Part 2: New Switching Methods and Novel Converter Topologies
Closer look at the conventional converter topologies uncovers that they share the following bad traits:
1. Excessive (3 to 4 times) device voltage and current over DC output voltage! 2. Output diode rectifier switching (turn-on and turn-off) at full DC current!
3. Excessive voltage and current stresses of the input active switches!
4. Hard switching and switching losses of the primary side active devices!
5. Transformer flux excursions are up to ten times higher than optimally possible! 6. Transformer leakage inductance is the major source of losses and noise!
7. Transformer of flyback and LLC converters both store energy!
The root-cause of all these bad traits is discovered and the solutions which eliminate all of them simultaneously is provided by the new switching methods and corresponding novel converter topologies:
a) Hybrid switching
b) Storageless switching method
c) New converter topologies for DC-DC, AC-DC and DC-AC conversion
A number of new topologies are demonstrated such as:
1. First True Bridgeless PFC converter with isolation in a single stage.
2. Isolated Storageless Converter with output voltage regulation over wide range. 3. Voltage regulator modules (VRM) with fast transient and ultra-high efficiency which eliminate the need for present multistage synchronous buck solutions.
Live Design Demonstrations via Simulation
The performance of several new converters are illustrated throughout tutorial by live demonstration of salient waveforms generated on site via a state-of-the-art simulation program PLECS from PLEXIM (www.plexim.com).
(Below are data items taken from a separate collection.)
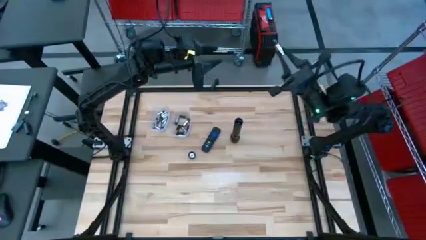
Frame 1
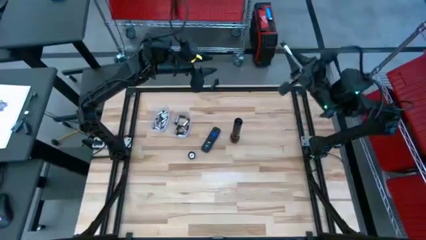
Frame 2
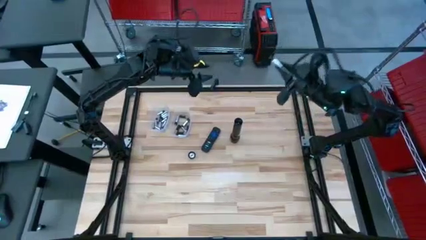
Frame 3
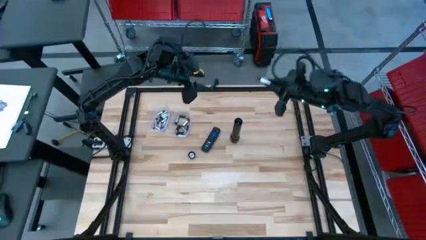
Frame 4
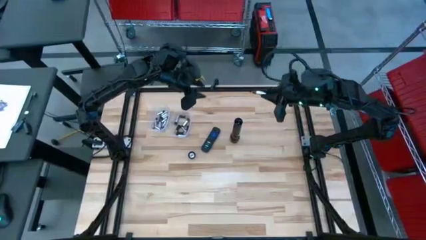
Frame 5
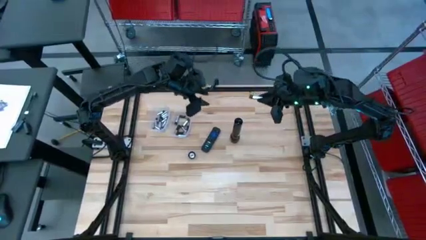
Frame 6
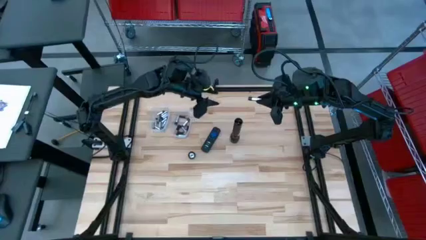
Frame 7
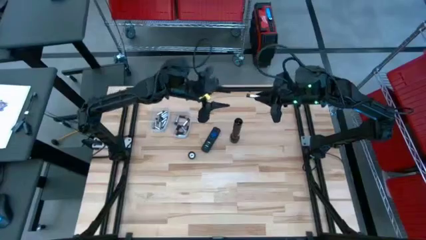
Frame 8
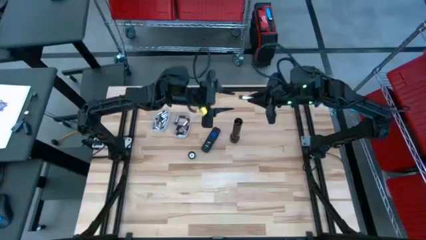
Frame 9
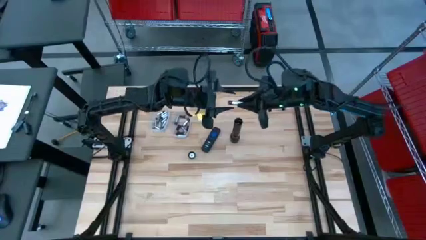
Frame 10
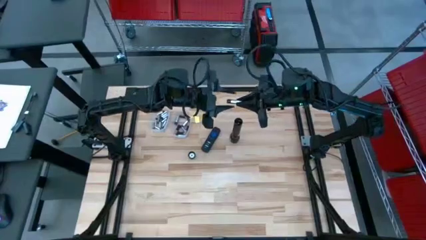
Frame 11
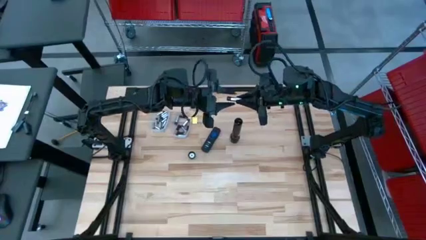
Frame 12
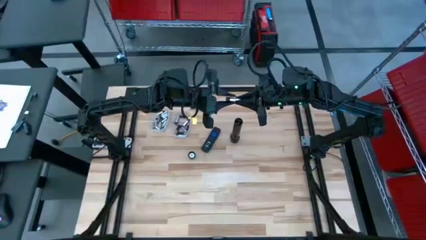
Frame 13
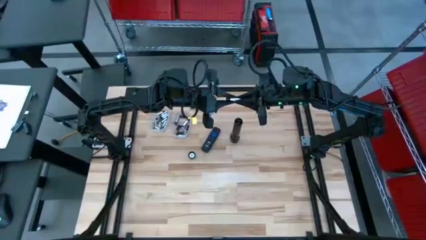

Optimal Design of Magnetics Components

TUTORIAL 4: 14:00-18:00
“Digital Control in Power Electronics”
Speaker: P. Mattavelli, L. Corradini

Abstract: The tutorial addresses several latest issues related to the modeling, design, implementation of digital control in Power Electronics, with a specific focus on high-frequency switching converters. The tutorial first describes some basics related to the modeling and implementation of digitally controlled power converters. The analysis of the delay introduced by the sampling process and the uniformly sampled PWM is discussed. The effect of oversampling on the reduction of the control delay and on the achievable dynamic response is also investigated. Then a number of digital control design criteria are presented, starting from the standard equivalent analog representation and then moving to the discrete time analysis with some illustrative design compensation examples. The tutorial then moves to non-linear action (such as the time-optimal approach) to highlight the benefits of the digital approach. To complete the overview of some high-performance digital control, the digital hysteresis modulation, the time-event control and the oversampled control are presented. Finally a set of auto-tuning techniques are addressed. The final part of the tutorial addresses some examples of grid-connected power converters, to illustrate how some of the proposed analysis can be applied also to power converters connected to the utility grid.